* _Problem description_
Scan the records that follow, and whenever a line has the word "leaning", copy it.

Saved entries:
◆ ◆ ◆ ◆ ◆
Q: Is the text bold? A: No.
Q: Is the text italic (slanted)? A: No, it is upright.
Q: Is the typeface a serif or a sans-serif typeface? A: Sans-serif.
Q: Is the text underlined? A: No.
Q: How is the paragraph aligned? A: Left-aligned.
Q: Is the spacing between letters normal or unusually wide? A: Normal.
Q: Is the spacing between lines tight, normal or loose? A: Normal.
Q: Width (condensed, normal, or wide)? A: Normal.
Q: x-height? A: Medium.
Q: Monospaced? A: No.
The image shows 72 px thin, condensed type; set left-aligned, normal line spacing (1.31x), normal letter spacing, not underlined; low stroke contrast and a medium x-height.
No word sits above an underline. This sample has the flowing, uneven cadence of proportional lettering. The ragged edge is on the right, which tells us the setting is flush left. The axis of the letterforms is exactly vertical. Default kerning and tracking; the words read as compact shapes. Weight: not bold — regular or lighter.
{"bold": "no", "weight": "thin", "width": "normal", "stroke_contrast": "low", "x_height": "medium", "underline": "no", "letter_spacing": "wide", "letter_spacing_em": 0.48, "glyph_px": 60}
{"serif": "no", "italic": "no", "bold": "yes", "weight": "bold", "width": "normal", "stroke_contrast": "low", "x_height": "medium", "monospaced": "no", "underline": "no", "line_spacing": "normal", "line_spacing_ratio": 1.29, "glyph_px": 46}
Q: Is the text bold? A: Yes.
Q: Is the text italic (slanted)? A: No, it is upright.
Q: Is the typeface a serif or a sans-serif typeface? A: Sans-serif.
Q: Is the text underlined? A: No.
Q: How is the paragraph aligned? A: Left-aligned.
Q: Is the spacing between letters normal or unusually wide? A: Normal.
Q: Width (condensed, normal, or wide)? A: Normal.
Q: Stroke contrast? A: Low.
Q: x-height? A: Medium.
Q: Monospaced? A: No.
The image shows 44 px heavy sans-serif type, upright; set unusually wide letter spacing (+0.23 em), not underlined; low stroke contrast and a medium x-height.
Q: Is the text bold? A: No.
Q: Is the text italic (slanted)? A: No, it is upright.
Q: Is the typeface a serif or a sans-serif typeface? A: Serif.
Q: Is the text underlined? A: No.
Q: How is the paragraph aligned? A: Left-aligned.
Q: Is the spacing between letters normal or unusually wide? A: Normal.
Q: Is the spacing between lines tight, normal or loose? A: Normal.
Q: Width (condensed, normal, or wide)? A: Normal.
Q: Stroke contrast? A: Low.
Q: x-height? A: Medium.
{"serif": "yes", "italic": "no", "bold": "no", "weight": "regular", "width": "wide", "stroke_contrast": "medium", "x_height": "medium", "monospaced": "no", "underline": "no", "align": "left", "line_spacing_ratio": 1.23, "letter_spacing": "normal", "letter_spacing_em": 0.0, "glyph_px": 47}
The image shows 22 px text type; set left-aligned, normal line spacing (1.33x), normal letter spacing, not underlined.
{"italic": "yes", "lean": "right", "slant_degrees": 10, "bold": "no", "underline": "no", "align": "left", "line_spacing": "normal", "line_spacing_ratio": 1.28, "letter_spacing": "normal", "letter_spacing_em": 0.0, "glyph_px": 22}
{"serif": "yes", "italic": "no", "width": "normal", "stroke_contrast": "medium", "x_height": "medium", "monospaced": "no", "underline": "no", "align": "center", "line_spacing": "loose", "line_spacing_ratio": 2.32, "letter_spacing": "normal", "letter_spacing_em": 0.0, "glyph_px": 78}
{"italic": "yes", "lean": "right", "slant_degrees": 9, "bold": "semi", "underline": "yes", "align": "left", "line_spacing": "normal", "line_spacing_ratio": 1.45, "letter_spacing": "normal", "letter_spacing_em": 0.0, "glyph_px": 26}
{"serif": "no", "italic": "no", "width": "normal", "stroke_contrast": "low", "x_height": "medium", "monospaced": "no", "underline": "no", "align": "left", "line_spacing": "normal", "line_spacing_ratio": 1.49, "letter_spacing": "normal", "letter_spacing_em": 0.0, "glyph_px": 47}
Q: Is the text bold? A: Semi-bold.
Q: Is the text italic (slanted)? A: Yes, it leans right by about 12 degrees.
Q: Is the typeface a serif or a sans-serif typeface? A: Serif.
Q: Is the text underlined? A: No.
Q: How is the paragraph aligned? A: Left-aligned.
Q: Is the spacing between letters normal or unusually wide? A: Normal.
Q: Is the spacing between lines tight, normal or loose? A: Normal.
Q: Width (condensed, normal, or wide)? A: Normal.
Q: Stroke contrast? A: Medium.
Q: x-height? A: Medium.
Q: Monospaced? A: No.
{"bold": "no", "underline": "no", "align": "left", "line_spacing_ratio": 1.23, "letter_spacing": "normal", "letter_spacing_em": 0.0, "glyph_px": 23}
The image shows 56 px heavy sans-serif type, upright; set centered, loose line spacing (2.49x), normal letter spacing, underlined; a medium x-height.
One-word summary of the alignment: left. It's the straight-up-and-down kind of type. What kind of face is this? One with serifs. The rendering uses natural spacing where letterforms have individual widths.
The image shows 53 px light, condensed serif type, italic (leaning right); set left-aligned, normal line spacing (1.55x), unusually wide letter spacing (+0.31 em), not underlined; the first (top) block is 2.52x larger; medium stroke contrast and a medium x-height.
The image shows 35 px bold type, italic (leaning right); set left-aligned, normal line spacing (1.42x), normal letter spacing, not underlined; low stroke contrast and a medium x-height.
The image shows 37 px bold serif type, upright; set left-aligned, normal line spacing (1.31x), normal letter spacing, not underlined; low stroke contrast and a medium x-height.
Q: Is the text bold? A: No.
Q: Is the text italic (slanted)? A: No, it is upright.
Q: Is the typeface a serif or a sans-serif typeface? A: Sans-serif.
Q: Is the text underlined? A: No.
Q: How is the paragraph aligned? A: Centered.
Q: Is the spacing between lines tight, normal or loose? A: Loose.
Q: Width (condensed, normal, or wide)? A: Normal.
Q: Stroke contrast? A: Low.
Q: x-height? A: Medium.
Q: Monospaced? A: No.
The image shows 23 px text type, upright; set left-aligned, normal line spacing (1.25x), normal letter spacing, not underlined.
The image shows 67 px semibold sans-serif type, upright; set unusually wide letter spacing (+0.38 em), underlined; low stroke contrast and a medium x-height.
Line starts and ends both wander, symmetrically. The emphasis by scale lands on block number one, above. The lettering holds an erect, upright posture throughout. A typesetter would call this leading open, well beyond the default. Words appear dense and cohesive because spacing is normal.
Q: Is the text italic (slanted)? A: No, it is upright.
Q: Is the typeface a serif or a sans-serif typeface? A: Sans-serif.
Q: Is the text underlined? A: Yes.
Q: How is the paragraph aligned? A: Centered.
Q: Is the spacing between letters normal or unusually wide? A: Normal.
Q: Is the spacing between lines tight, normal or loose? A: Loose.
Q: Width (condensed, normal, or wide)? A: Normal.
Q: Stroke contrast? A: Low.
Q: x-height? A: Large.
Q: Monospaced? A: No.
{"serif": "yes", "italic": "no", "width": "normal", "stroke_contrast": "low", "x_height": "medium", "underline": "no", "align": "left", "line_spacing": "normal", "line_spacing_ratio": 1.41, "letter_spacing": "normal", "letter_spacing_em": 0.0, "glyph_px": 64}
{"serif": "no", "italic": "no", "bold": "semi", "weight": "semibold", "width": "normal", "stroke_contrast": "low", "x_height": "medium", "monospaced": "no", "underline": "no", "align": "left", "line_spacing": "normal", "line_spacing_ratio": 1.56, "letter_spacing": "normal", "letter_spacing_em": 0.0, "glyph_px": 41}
◆ ◆ ◆ ◆ ◆
* _Problem solution_
The image shows 53 px light, condensed serif type, italic (leaning right); set left-aligned, normal line spacing (1.55x), unusually wide letter spacing (+0.31 em), not underlined; the first (top) block is 2.52x larger; medium stroke contrast and a medium x-height.
The image shows 35 px bold type, italic (leaning right); set left-aligned, normal line spacing (1.42x), normal letter spacing, not underlined; low stroke contrast and a medium x-height.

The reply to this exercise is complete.